## WHAT TO PRODUCE
Whenever a line of the listing contains the string "italic", return that line.

Top of EXERCISE MATERIAL

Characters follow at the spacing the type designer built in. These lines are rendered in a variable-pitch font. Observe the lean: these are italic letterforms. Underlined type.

Bottom of EXERCISE MATERIAL
Top of EXERCISE MATERIAL

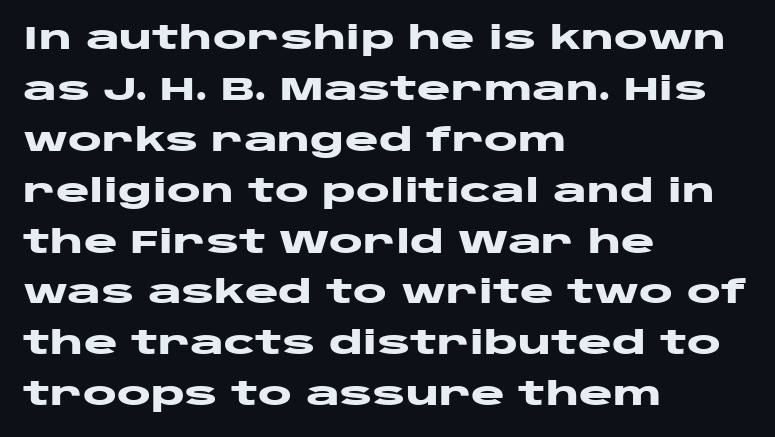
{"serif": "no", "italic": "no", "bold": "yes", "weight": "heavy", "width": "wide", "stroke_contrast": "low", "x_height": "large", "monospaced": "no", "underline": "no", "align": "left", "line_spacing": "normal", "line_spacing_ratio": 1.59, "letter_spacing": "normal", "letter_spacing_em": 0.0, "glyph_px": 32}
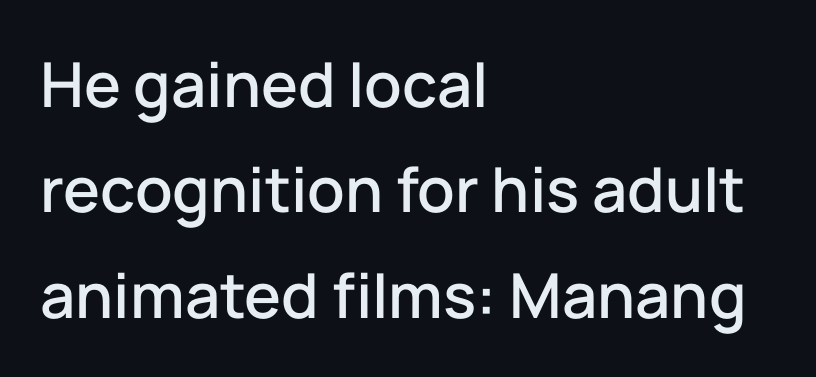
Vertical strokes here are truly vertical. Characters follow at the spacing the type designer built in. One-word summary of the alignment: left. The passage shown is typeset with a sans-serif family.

Bottom of EXERCISE MATERIAL

## COMPLETED TASK
Characters follow at the spacing the type designer built in. These lines are rendered in a variable-pitch font. Observe the lean: these are italic letterforms. Underlined type.
{"serif": "no", "italic": "no", "bold": "yes", "weight": "heavy", "width": "wide", "stroke_contrast": "low", "x_height": "large", "monospaced": "no", "underline": "no", "align": "left", "line_spacing": "normal", "line_spacing_ratio": 1.59, "letter_spacing": "normal", "letter_spacing_em": 0.0, "glyph_px": 32}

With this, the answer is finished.